Natalie Shapero‘s second collection, Hard Child, opens with “Of surgeons putting their knives to erroneous // body parts, stories abound.” The collection closes with “God, of course they didn’t survive.” Her poems are distinct units with their own logic and tension but reference one another and borrow language (the last line of the book sounds like it could directly follow the first) in order to build on the book’s overall themes—or to land a joke, the way a comedian might in a standup set. These poems are taut and controlled, while appearing to make effortless leaps and connections.
Broadly speaking, Hard Child is about pregnancy and motherhood, confronting the way having a child changes one’s sense of memory and history. In two parts, more or less of equal length, the book’s arc follows the beginning of a pregnancy (“A blip in utero”) in the first, through the birth and early months of having a child (“To my young daughter, I sing…”) in the second. Throughout, Shapero’s poems try to reject history while embracing it: “I typically hate discussing the past,” the title poem claims; a few pages later, another says, “I swear to God I hardly think about the past.” And yet, throughout the book are references to historical events and people: Rasputin, the Iran–Iraq War, the Lindbergh Baby, the Kennedy assassination, and Elizabeth Bishop, among others.
This tension between denial and acceptance of history is deeply political, but Shapero remains present, always as culpable as the rest of us. In a poem called “Passing and Violence” she writes, “Watching football, I need / to see a man die.” But that’s hardly the most striking line of the book. One poem, “Monster,” begins in a birthing class before making a hard turn to genocide:
I recall
with ill feeling the curator, viewing a meager
tribute with disdain: CAN’T CALL YOURSELF A HOLOCAUST
MEMORIAL UNTIL YOU HAVE A TRAIN.
The internal rhyme of “disdain/train” twists the knife. There’s a joke there, but it’s caustic, like The Onion’s headlines about mass shootings. Shapero isn’t pointing a finger at anyone; she’s holding up a mirror.

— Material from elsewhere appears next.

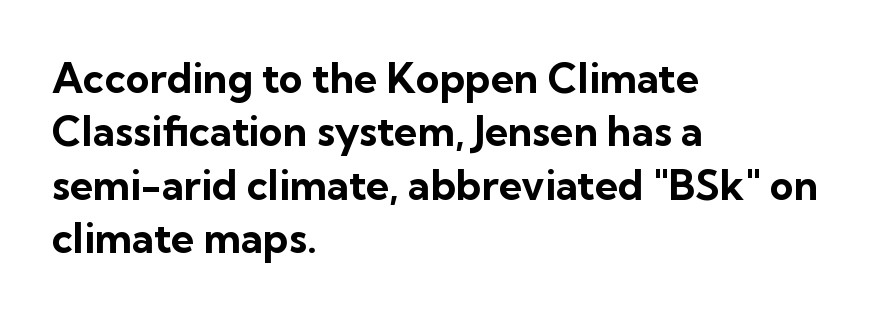
{"serif": "no", "italic": "no", "bold": "yes", "weight": "bold", "width": "normal", "stroke_contrast": "low", "x_height": "medium", "monospaced": "no", "underline": "no", "align": "left", "line_spacing": "normal", "line_spacing_ratio": 1.3, "letter_spacing": "normal", "letter_spacing_em": 0.0, "glyph_px": 41}

The speaker’s memories also figure heavily, as in one of the standout poems of the collection, “Radio Science.” The poem opens with the speaker disbelieving a story on the radio—about babies in utero sensing the mother’s past trauma—until she is startled while out for a run. “[M]y blood arrested, foamed, / and troubled the dark in which the child formed.” As is typical in these poems, Shapero doesn’t confront the memory head on—“It isn’t right,” she writes. “I hardly / think of the past” (again, a denial of history)—choosing instead to tell us,
only the better times at that bar: recoil
of springs in the pinball corner,
pool table that accepted only quarters,
the floor too small and mobbed,
all of us always in range of getting jabbed
by a cue.
In describing the “better times,” she gives us an idea of what might have happened, the kind of man who would have been there, the way the speaker might recoil from him, the way the cue isn’t a cue at all. Throughout, the couplets are slant rhymed—like the speaker ducking the issue—until the very end when a repeated phrase and a full rhyme slam the poem home.
While history and memory are major motifs, the book is ultimately wrestling with the identity crisis that can happen when a person becomes a parent. Throughout, bodies change form or disappear in ways that are sometimes funny and sometimes unsettling, as in “Home Scale” in which parents are told to find their baby’s weight,
by stepping
onto a home scale holding
the baby, then you just subtract
your body from the scene.
In some cases, the speaker actually desires this subtraction, as in “Form, Save My Own”:
My mind has made
an enemy of my body;
it’s all I can do
not to quote Kissinger
on the Iran–Iraq
War: A PITY THEY
BOTH CAN’T LOSE.
In three consecutive poems Shapero writes about wanting “to know what kind of a dog I would be, were I ever a dog.” At first, it’s a demand; then “it’s ridiculous to opine on what kind / of a dog I would be”; then her lover asks her to stop talking about turning into a dog. As in “Radio Science,” this desire to transmute or vanish reads as a way to talk around an issue in the interest of trying to more accurately illuminate it. Is this postpartum depression? Does the speaker both want to be a parent and also desire a return to being childless? Perhaps. “It wasn’t for love of having / children that I had a child,” she writes. Shapero’s poems are rich, referential, and readable. That they remain indirect ultimately makes them more pointed.